Once all of the other things have been tested out (so we are not changing a bunch of things all at once), make sure the firmware (bios) is updated on the 3060 just in case that is causing the root of the issue.
-
Ok, i will do that.
But for information, another test i have juste done:
I only asked fog 1.5.7 to capture a working dell optiplex 3060 (without sysprep or anythink else), after capture was done i shutdown computer and: the network card was shutdown!
-
1.5.2 :
file bzImage
bzImage: Linux kernel x86 boot executable bzImage, version 4.19.1 (jenkins-agent@Tollana) #1 SMP Mon Nov 12 18:23:08 CST 2018, RO-rootFS, swap_dev 0x8, Normal VGA
file bzImage32
bzImage32: Linux kernel x86 boot executable bzImage, version 4.15.2 (builder@c38bc0acaeb4) #5 SMP Tue Feb 13 18:32:54 UTC 2018, RO-rootFS, swap_dev 0x7, Normal VGA1.5.7 :
file bzImage
bzImage: Linux kernel x86 boot executable bzImage, version 5.1.16 (sebastian@Tollana) #2 SMP Wed Aug 28 17:12:41 CDT 2019, RO-rootFS, swap_dev 0x8, Normal VGA
file bzImage32
bzImage32: Linux kernel x86 boot executable bzImage, version 4.19.64 (jenkins-agent@Tollana) #1 SMP Mon Aug 5 09:59:10 CDT 2019, RO-rootFS, swap_dev 0x7, Normal VGA -
@george1421 That’s work!
-
@Gael Ok, now we are sure it’s a FOS kernel issue causing this, probably some seldom issue with firmware on your NIC model. Can you tel us which NIC exactly you have (windows device manager hardware IDs)?
-
@Gael See we also learned something that we didn’t know before, not only did you install 1.5.7, but you updated the FOS Linux kernel to version 5.x.x, where 1.5.7 should be shipped with linux-4.19.64 or there about. The 5.x.x kernels really haven’t been tested well enough and imo should not be used until we’ve had more field experience with them.

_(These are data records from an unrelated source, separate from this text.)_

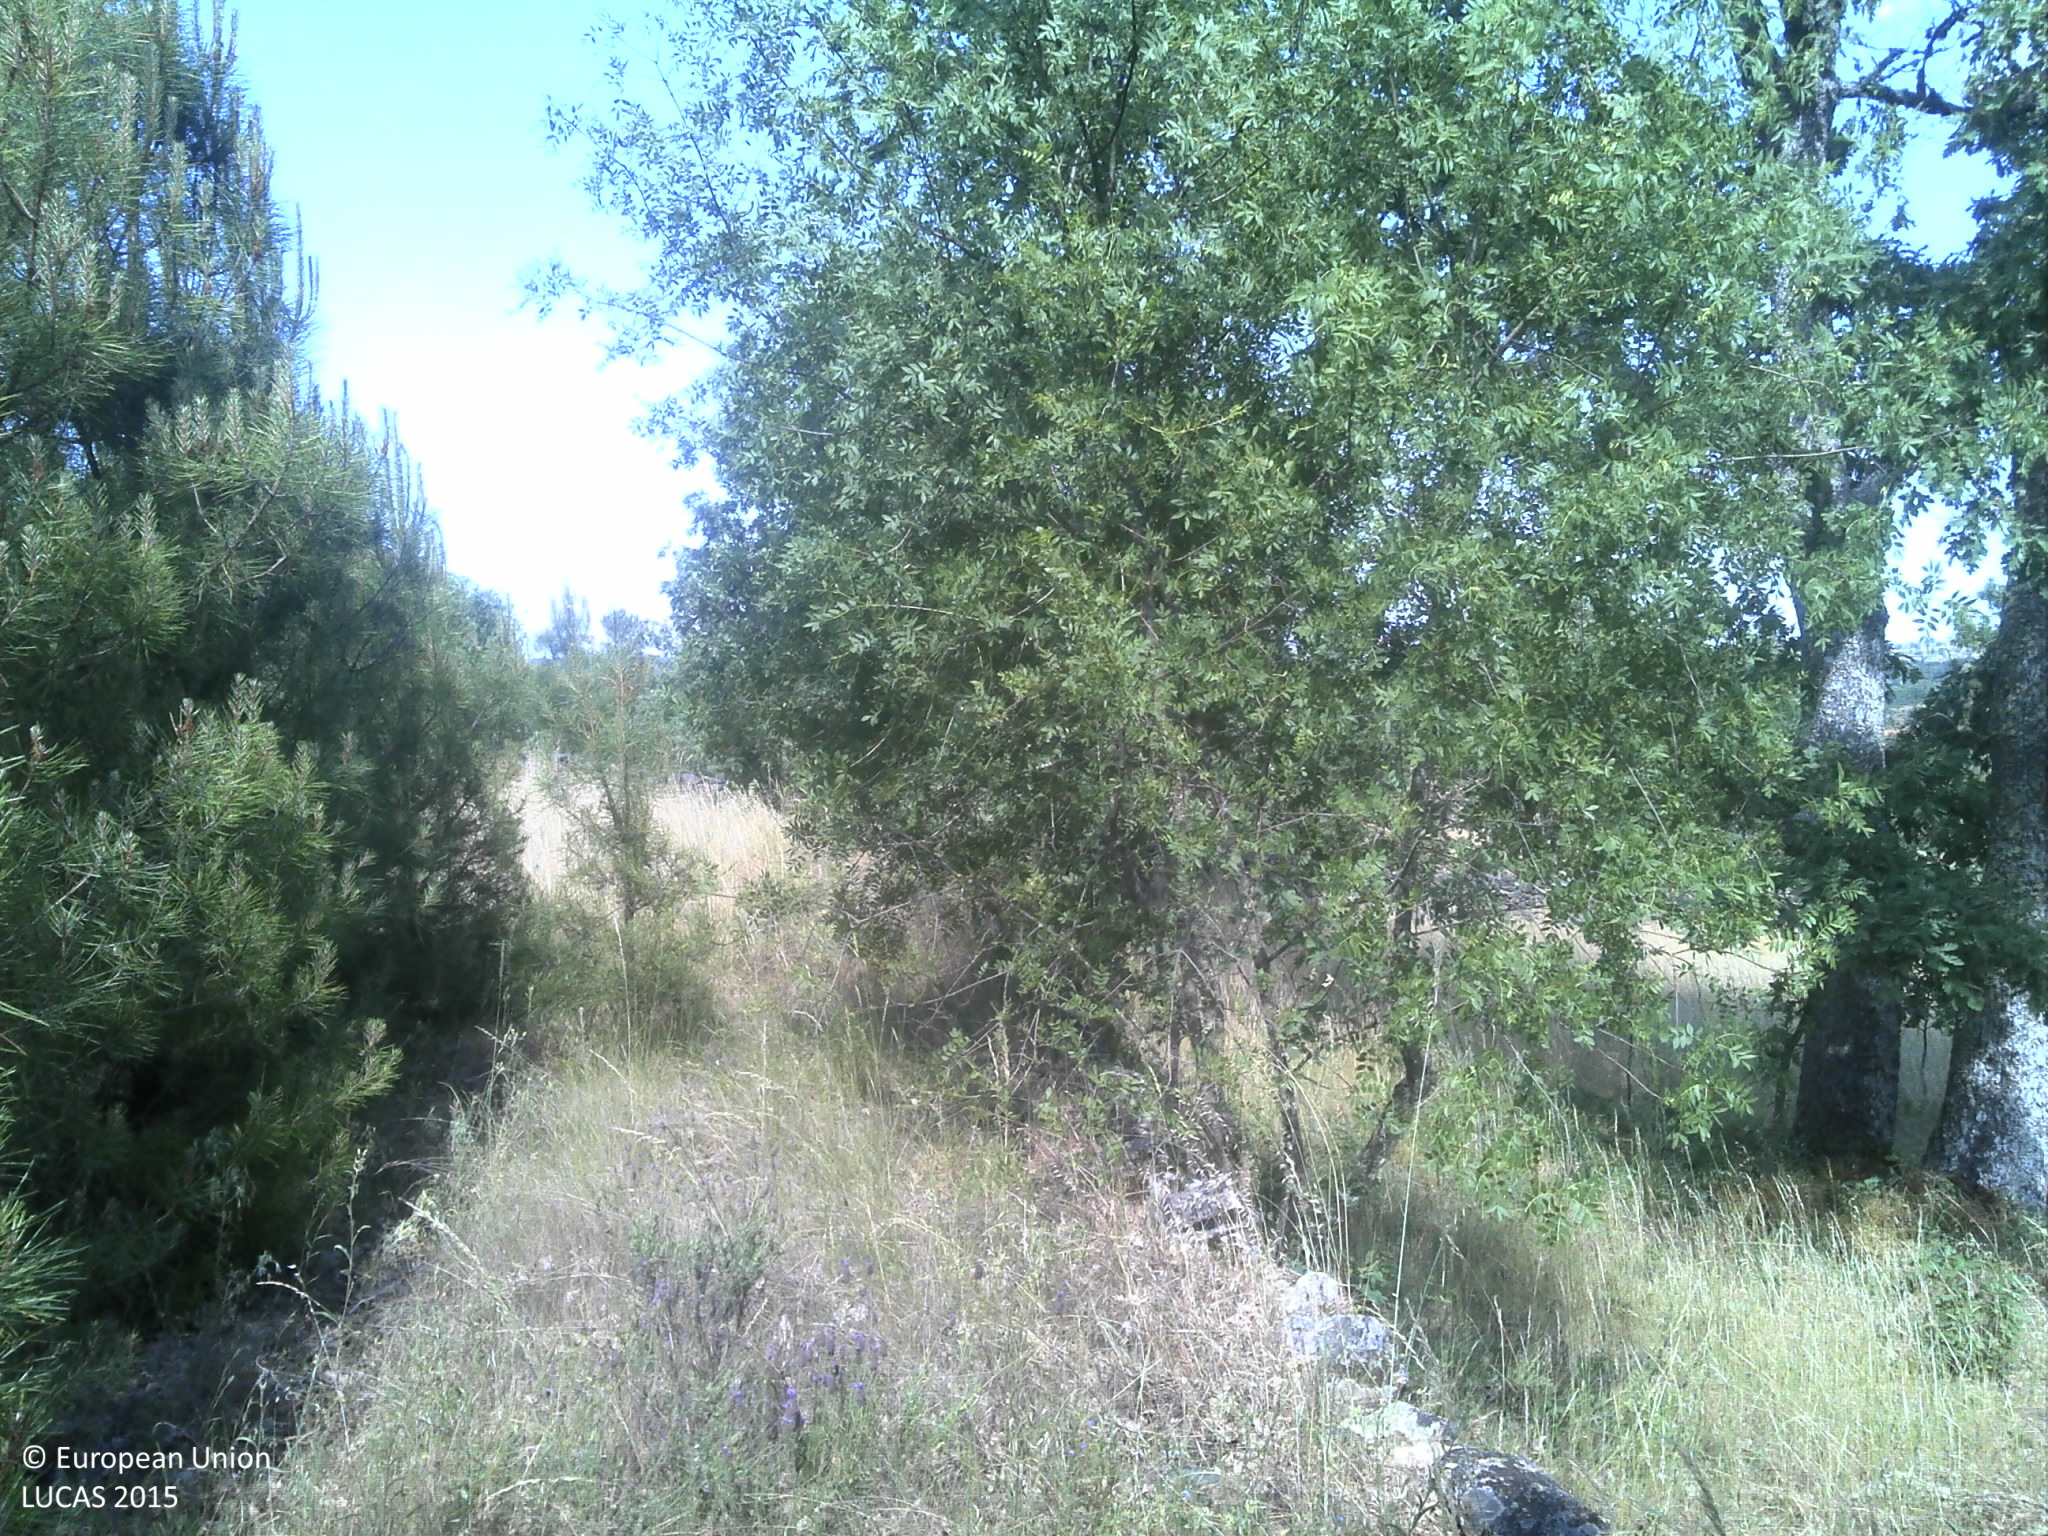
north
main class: Woodland
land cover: Pine dominated coniferous woodland
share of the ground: 50 - 75 %
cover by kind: coniferous forest trees 65 %, unconsolidated bare surface 15 %, shrubs 10 %, herbaceous plants 10 %
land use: Forestry
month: June
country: PT
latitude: 40.4244
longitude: -7.0357

So what happens if you roll the fos linux kernel back to 4.19.64? Does the behavior correct itself? Rolling back to the fos linux 4.19.1 seems to have done the trick.
From windows can you get us the vendor ID and hardware ID from the device manager for this NIC as Sebastian suggested?
-
@george1421 Contrôleur Realtek PCIe GBE Family
PCI\VEN_10EC&DEV_8168&SUBSYS_085C1028&REV_15\4&1285CEFC&0&00E0
PCI\VEN_10EC&DEV_8168&SUBSYS_085C1028&REV_15
PCI\VEN_10EC&DEV_8168&SUBSYS_085C1028
PCI\VEN_10EC&DEV_8168&CC_020000
PCI\VEN_10EC&DEV_8168&CC_0200
PCI\VEN_10EC&DEV_8168&REV_15
PCI\VEN_10EC&DEV_8168
PCI\VEN_10EC&CC_020000
PCI\VEN_10EC&CC_0200
PCI\VEN_10EC
PCI\CC_020000
PCI\CC_0200 -
@george1421 Very sorry to forgot tell the kernel update part.

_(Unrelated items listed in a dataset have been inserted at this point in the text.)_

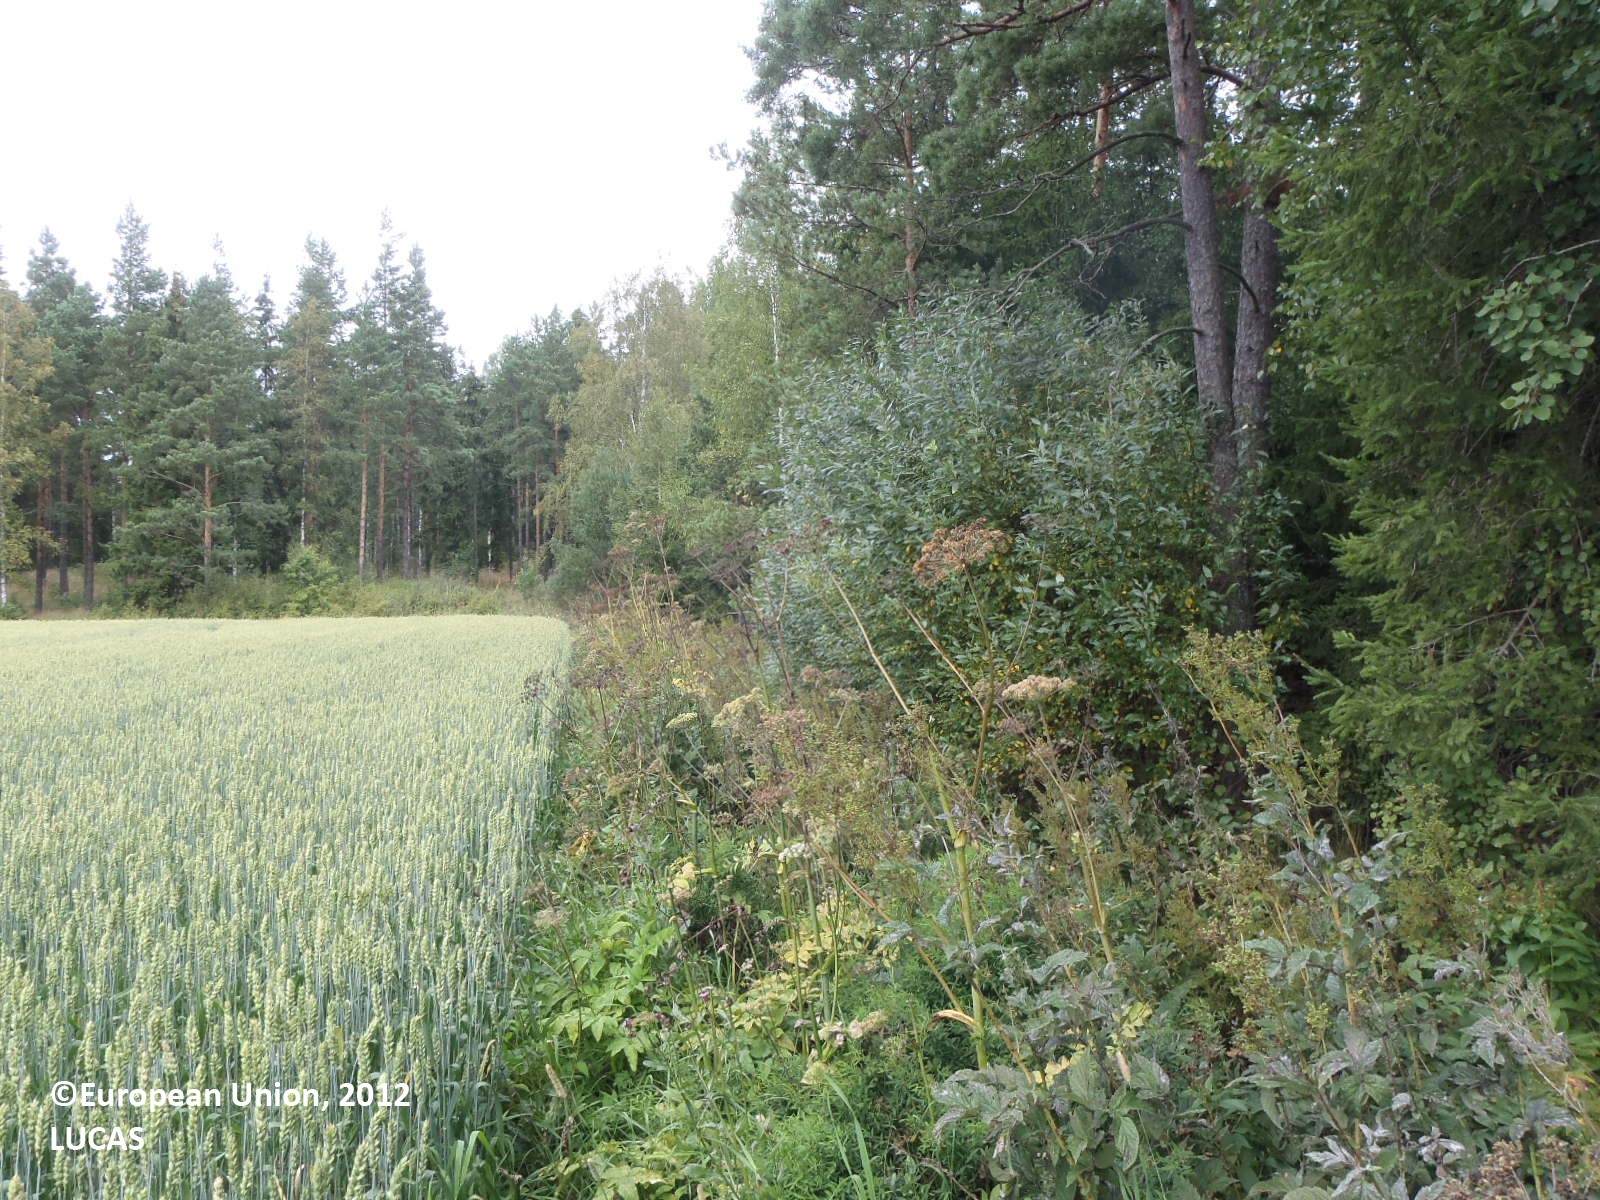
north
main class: Cropland
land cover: Barley
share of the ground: > 75 %
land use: Agriculture (excluding fallow land and kitchen gardens)
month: August
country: FI
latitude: 60.5617
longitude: 22.1951

We updated to 5.1.16 because we will shortly receive new DELL optiplex 3070 that have NvMe SSD. -
@Gael So at this point you can make a decision.
You have kernels 5.x and 4.x. Pick one to keep as
bzImage
(assuming 5.x). Rename the other asbzImage4.19.64
. Then for all of the 3060s you have on your campus add inbzImage4.19.64
into the kernel field on the host definition for each system. That way when you deploy to the 3060s it will use the older kernel. If you have a lot of machines you can use the fog group setting to change all in the group all at once.For reference the device [10EC:8168] is a Realtek 8169/8168/8101/8125 nic.